Lisfranc Fracture Dislocation Clinical Presentation

Updated: Dec 09, 2022
  • Author: Nirmal Tejwani, MD, MPA; Chief Editor: Thomas M DeBerardino, MD, FAAOS, FAOA  more...
  • Print
Presentation

History and Physical Examination

Patients with Lisfranc injuries can present with obvious anatomic deformities or with variable amounts of pain with weightbearing. Lisfranc injury should be excluded in any patient with midfoot pain on either the dorsal or the plantar aspect of the foot during weightbearing.

Clinical signs of Lisfranc injury are the following:

  • Swelling out of proportion with a normal radiograph
  • Plantar midfoot ecchymosis (see the image below)
  • Pain along the tarsometatarsal (TMT) joints with palpation, motion, or weightbearing
  • Midfoot instability
Clinical identification of typical plantar ecchymo Clinical identification of typical plantar ecchymosis pattern observed in Lisfranc injuries.
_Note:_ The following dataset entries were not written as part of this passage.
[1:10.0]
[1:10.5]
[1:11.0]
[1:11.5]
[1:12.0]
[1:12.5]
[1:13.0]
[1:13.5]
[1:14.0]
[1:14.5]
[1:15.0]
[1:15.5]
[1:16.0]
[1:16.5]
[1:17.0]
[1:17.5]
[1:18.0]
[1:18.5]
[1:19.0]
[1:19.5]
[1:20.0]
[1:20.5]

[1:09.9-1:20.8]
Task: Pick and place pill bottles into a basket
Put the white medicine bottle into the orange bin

For all suspected injuries, a careful workup is warranted. Even significant injuries can reduce spontaneously, thereby hiding the initial deformity. The exaggerated swelling is the key in the differential diagnosis of subtle injuries.

Special attention should be paid to patients with decreased sensation in the feet (eg, those with diabetes) because they may be at greater risk for progressive neuropathic changes. Likewise, trauma patients who are nonweightbearing because of other injuries should be carefully screened and examined in the presence of midfoot pain or characteristic ecchymosis.

Athletes

Lisfranc injury is seen more commonly in football players, gymnasts, ballet dancers, and track-and-field athletes; it has also been reported in a professional hockey player. [15] The Lisfranc injury can potentially be a career-ending injury, particularly for elite gymnasts, as noted by Chilvers et al. [16] The mechanism of injury for most athletes is axial loading on a hyperplantarflexed midfoot. For ballet dancers, the pointe shoe design has been shown to stabilize the Lisfranc joint in the en-pointe position. [17]
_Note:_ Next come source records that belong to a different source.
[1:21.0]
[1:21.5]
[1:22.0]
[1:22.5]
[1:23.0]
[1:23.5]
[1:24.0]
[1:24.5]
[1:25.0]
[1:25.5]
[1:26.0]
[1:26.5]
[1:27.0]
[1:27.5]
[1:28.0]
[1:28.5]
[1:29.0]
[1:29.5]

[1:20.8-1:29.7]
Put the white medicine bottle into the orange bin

Lisfranc injuries in athletes have been classified according to the American Medical Association’s Standard Nomenclature of Athletic Injuries. First- and second-degree sprains have been classified as partial ligament tears with swelling, focal pain, no instability, and normal radiographs. Instability and diastasis greater than 2 mm between the first and second metatarsals (MTs), as seen on anteroposterior (AP) radiographs, is consistent with a third-degree sprain. [8, 9]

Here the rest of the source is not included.